*TRY IT:*
Output what the records say, word for word, with no images.

(Collected data entries)
+++

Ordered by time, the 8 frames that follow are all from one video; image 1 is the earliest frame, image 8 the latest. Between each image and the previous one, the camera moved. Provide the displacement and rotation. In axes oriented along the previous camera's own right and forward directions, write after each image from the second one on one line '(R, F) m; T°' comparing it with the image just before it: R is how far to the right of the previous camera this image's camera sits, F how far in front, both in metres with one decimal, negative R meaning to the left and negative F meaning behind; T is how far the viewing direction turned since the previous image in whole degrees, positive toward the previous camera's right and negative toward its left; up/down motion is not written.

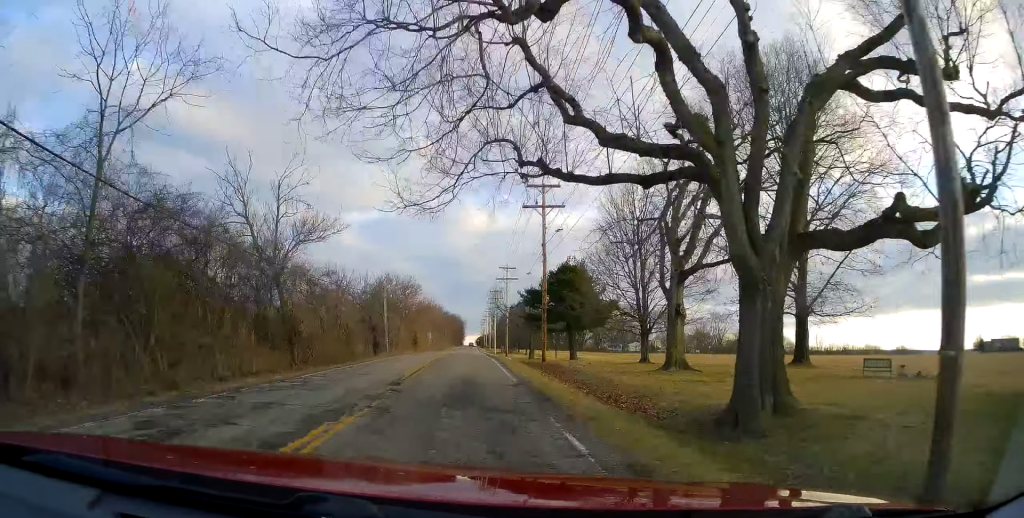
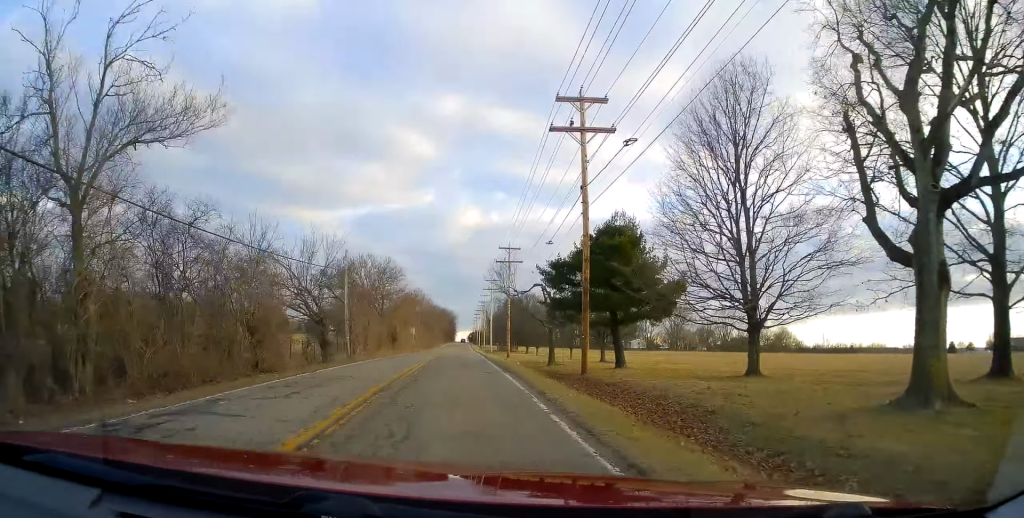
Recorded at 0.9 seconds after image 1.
(-0.3, +16.2) m; 0°
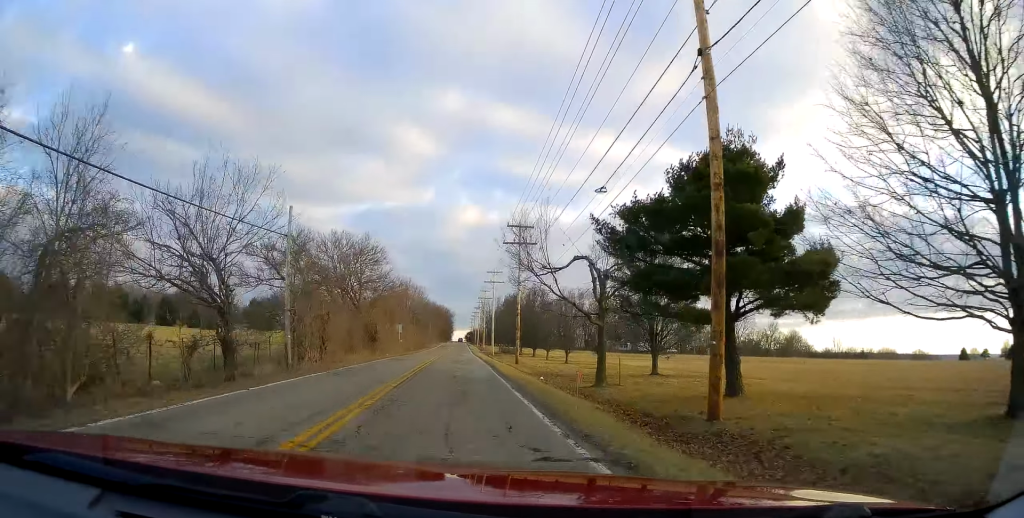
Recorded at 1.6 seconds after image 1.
(+0.2, +13.7) m; +1°
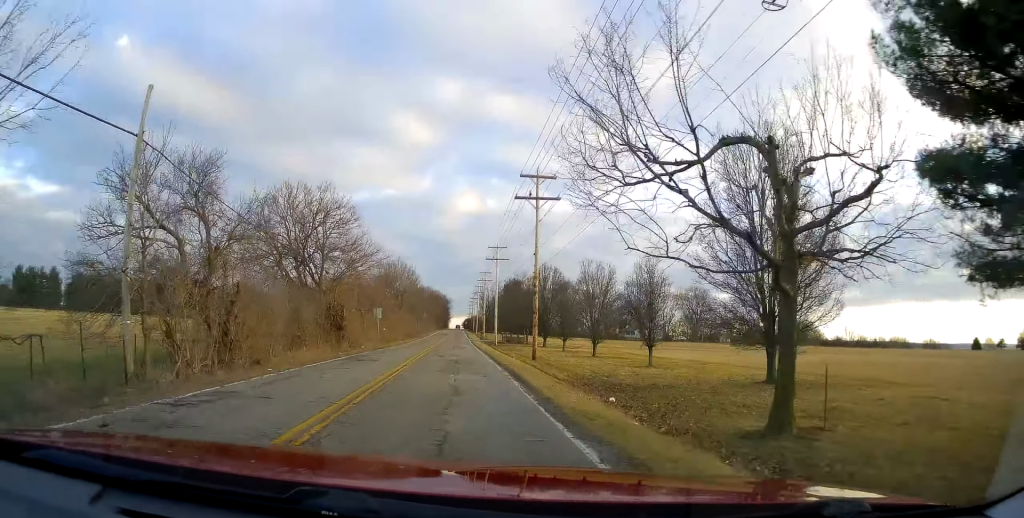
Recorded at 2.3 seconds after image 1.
(0.0, +13.9) m; 0°
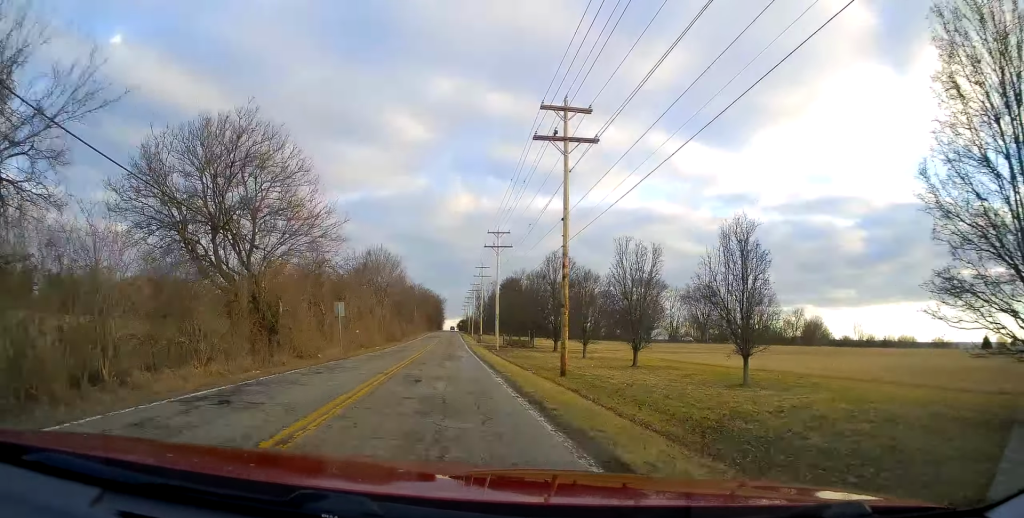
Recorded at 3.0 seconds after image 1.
(0.0, +12.7) m; 0°
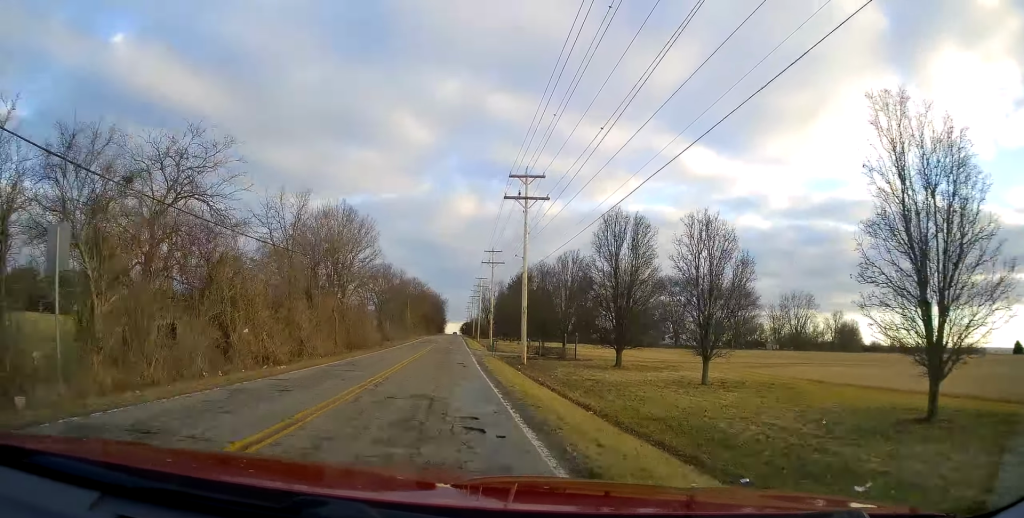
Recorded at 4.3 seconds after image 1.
(+0.3, +24.5) m; +2°
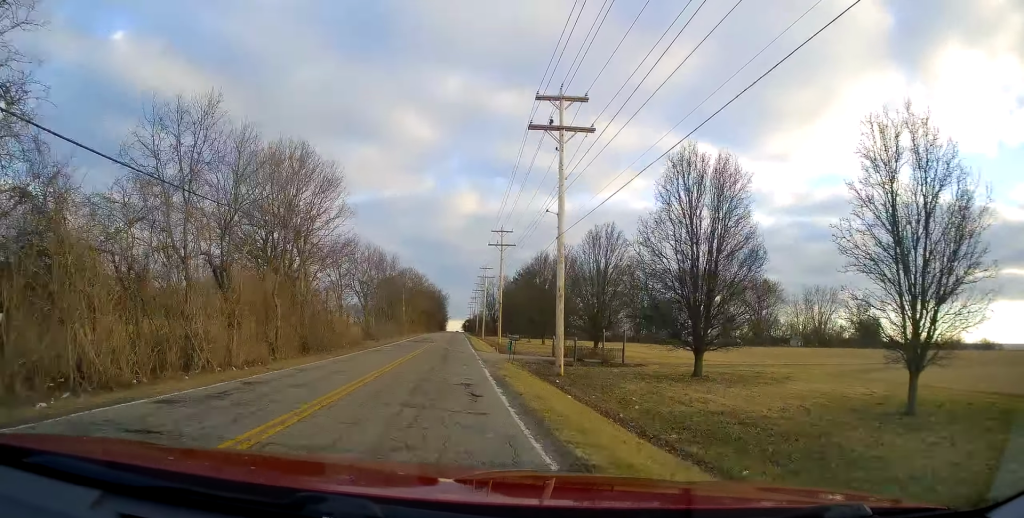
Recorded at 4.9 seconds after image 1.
(+0.1, +13.1) m; +1°
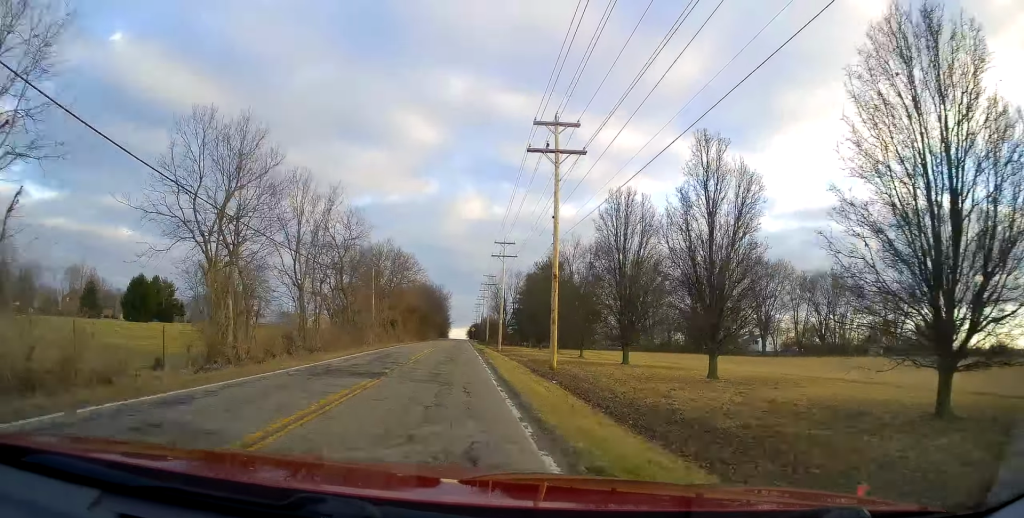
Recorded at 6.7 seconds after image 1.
(-0.5, +35.7) m; -1°
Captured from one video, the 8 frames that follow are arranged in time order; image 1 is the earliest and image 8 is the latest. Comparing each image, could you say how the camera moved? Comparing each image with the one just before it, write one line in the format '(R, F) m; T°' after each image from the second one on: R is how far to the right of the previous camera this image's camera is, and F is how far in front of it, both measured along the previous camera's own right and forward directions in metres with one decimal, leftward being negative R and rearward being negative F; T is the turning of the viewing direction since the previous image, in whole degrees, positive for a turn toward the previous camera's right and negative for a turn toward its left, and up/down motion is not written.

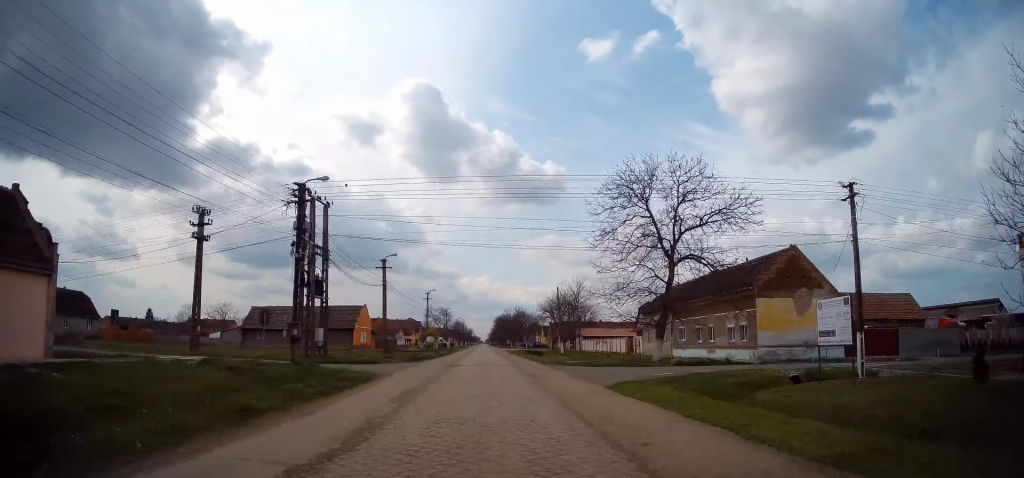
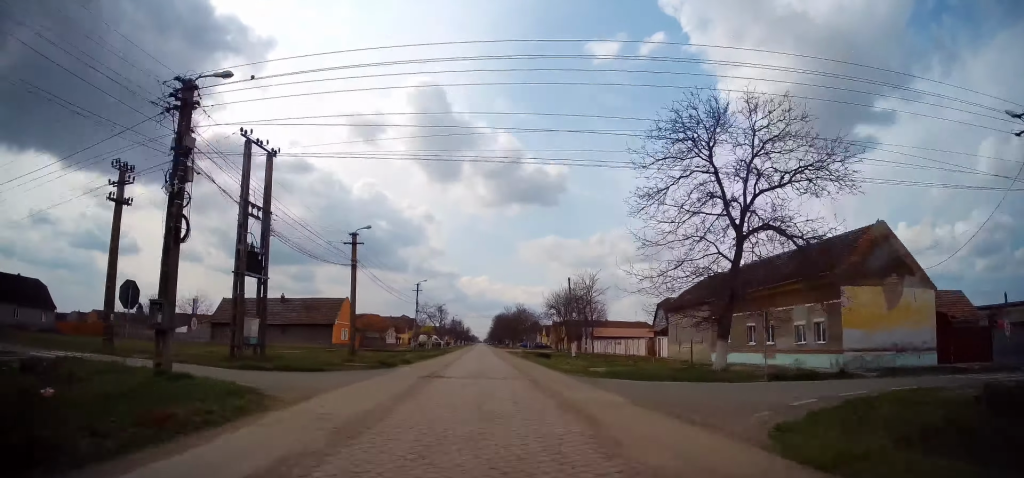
(0.0, +9.9) m; 0°
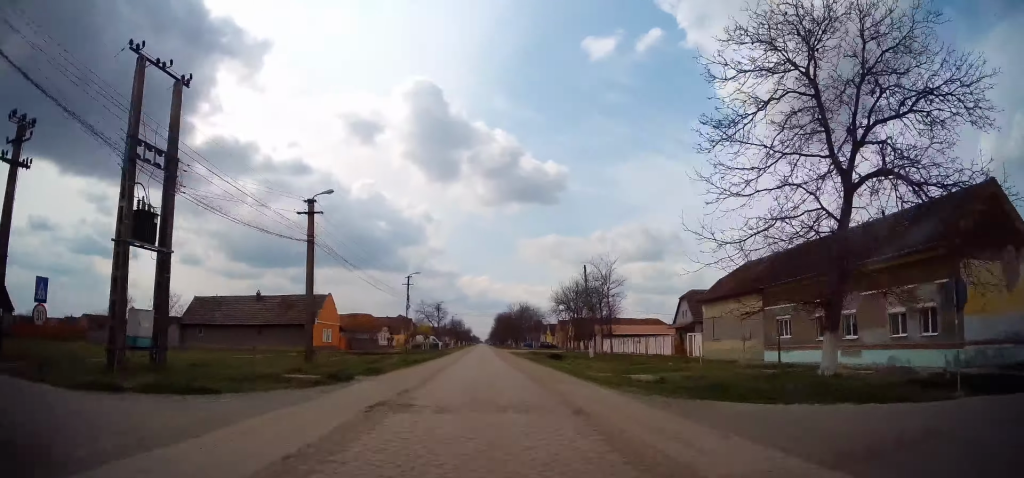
(0.0, +8.5) m; 0°
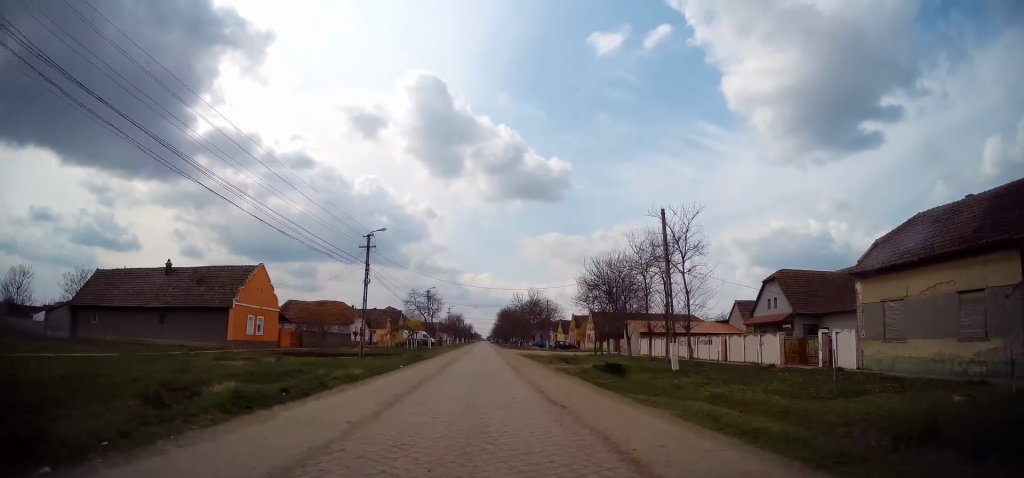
(0.0, +20.7) m; -2°
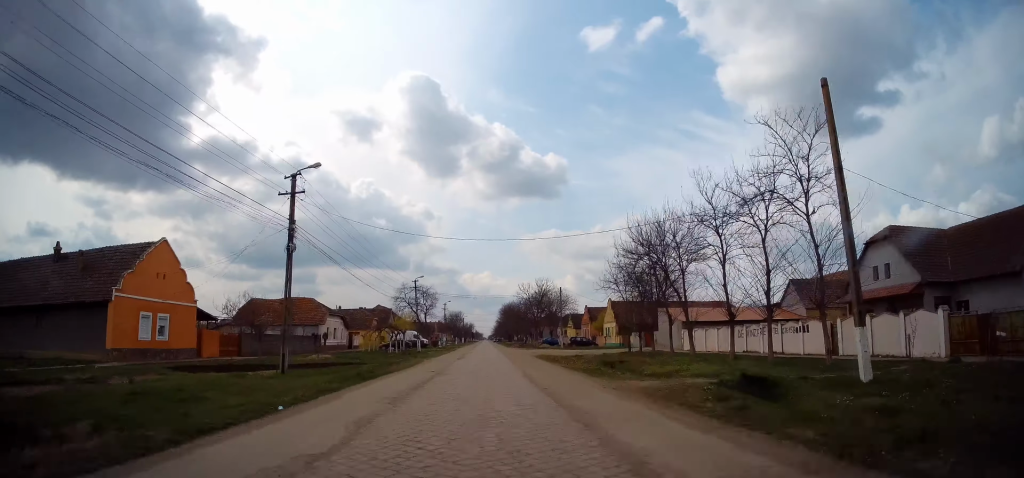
(-0.5, +14.6) m; 0°
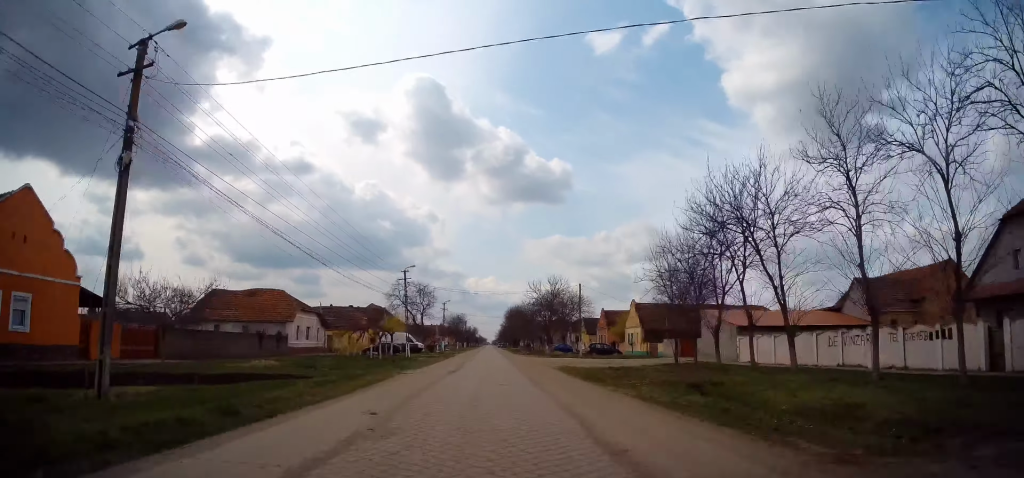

+++

*RESPONSE AREA:*
Ordered by time, the 8 frames that follow are all from one video; image 1 is the earliest frame, image 8 the latest. Between each image and the previous one, the camera moved. Provide the displacement and rotation. In axes oriented along the previous camera's own right and forward directions, write after each image from the second one on one line '(R, F) m; T°' comparing it with the image just before it: R is how far to the right of the previous camera this image's camera sits, F how far in front, both in metres with one decimal, negative R meaning to the left and negative F meaning behind; T is how far the viewing direction turned since the previous image in whole degrees, positive toward the previous camera's right and negative toward its left; up/down motion is not written.

Recorded at 0.9 seconds after image 1.
(-0.3, +16.2) m; 0°
Recorded at 1.6 seconds after image 1.
(+0.2, +13.7) m; +1°
Recorded at 2.3 seconds after image 1.
(0.0, +13.9) m; 0°
Recorded at 3.0 seconds after image 1.
(0.0, +12.7) m; 0°
Recorded at 4.3 seconds after image 1.
(+0.3, +24.5) m; +2°
Recorded at 4.9 seconds after image 1.
(+0.1, +13.1) m; +1°
Recorded at 6.7 seconds after image 1.
(-0.5, +35.7) m; -1°
Captured from one video, the 8 frames that follow are arranged in time order; image 1 is the earliest and image 8 is the latest. Comparing each image, could you say how the camera moved? Comparing each image with the one just before it, write one line in the format '(R, F) m; T°' after each image from the second one on: R is how far to the right of the previous camera this image's camera is, and F is how far in front of it, both measured along the previous camera's own right and forward directions in metres with one decimal, leftward being negative R and rearward being negative F; T is the turning of the viewing direction since the previous image, in whole degrees, positive for a turn toward the previous camera's right and negative for a turn toward its left, and up/down motion is not written.

(0.0, +9.9) m; 0°
(0.0, +8.5) m; 0°
(0.0, +20.7) m; -2°
(-0.5, +14.6) m; 0°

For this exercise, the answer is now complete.